Now we ask: Why is this important? Is this the age that we live in? We are unconscious liars?
"I have had to make decisions, like, why am I unhappy? OK, Stefani, Gaga, hybrid person: Why are you unhappy? Why is it that you wanted to quit music (a couple years ago)?
OK, well, I really don't like selling these fragrances, perfumes. I don't like wasting my time spending days just shaking people's hands and smiling, taking selfies. It feels shallow to my existence. I have a lot more to offer than my image.
I don't like being used to make people money. I feel sad when I am overworked and that I just become a moneymaking machine and that my passion and my creativity takes a backseat - that makes me unhappy.
So what did I do? I started to say no. I'm not doing that. I don't want to do that. I'm not taking that picture. I'm not going to that event. I'm not standing by that because that's not what I stand for, and slowly but surely I remembered who I am.
And then you go home and you look in the mirror and you're like, "Yes. I can go to bed with you...every night." 'Cause that person? I know that person. That person has balls. That person has integrity. That person has an opinion. That person just doesn't say yes.
That person doesn't get a text from somebody and say, "Oh my god, they wrote this and, um, they sent this emoji - should I write this back? Should I say this back? Is it OK to say this? Are they going to like me if I say that? Should I say something different?"
This is the age we live in. We aren't actually communicating with each other. We are unconsciously communicating lies."

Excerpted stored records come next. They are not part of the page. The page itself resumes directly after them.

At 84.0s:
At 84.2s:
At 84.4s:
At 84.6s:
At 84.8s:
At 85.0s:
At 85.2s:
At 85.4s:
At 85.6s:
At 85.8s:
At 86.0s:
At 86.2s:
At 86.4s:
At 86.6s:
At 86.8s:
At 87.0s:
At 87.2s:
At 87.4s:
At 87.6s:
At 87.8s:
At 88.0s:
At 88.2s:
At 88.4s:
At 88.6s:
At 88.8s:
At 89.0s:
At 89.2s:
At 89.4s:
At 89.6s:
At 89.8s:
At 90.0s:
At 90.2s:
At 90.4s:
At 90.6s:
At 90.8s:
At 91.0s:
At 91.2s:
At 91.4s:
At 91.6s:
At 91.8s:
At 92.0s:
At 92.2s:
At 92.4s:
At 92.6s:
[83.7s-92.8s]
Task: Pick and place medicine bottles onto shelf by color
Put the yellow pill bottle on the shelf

In my opinion, yes! Yes, we are.
We lie whenever we feel sad, when we pretend that the things that we do without wanting are actually good and that we are enjoying them. We say that a picture was really taken by us (when it wasn't) or that we are busy when we just don't want to leave the house. And the thing is, we are so used to saying tiny lies that we've become fake, pathological liars about our emotions without even realizing it.

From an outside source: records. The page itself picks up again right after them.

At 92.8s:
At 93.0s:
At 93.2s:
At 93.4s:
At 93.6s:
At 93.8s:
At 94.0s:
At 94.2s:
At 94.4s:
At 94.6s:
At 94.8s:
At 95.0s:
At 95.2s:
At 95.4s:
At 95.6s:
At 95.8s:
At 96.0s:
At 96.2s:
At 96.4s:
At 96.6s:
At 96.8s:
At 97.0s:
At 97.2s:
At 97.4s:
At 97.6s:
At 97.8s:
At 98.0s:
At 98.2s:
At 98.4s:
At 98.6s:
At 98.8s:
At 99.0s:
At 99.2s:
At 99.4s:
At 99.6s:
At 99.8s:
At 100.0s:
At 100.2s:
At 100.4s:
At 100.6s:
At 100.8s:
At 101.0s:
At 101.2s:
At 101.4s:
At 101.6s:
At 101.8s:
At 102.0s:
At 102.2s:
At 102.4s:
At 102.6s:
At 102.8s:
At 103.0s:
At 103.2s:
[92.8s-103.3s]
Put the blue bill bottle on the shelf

It's time to us to get out of our comfort zone and start saying no if we don't want to do something apart from showing that we care. Because sometimes, we don't care about whatever is happening in our friend's life or the event that is happening at the park tonight, and that is actually fine. We have to stop pretending to be someone that we are not. We have to start to leave our phones inside our purses and have real communication over a coffee with real words.
Otherwise, how are we going to grow up in a world were the truth is covered by secret lying details?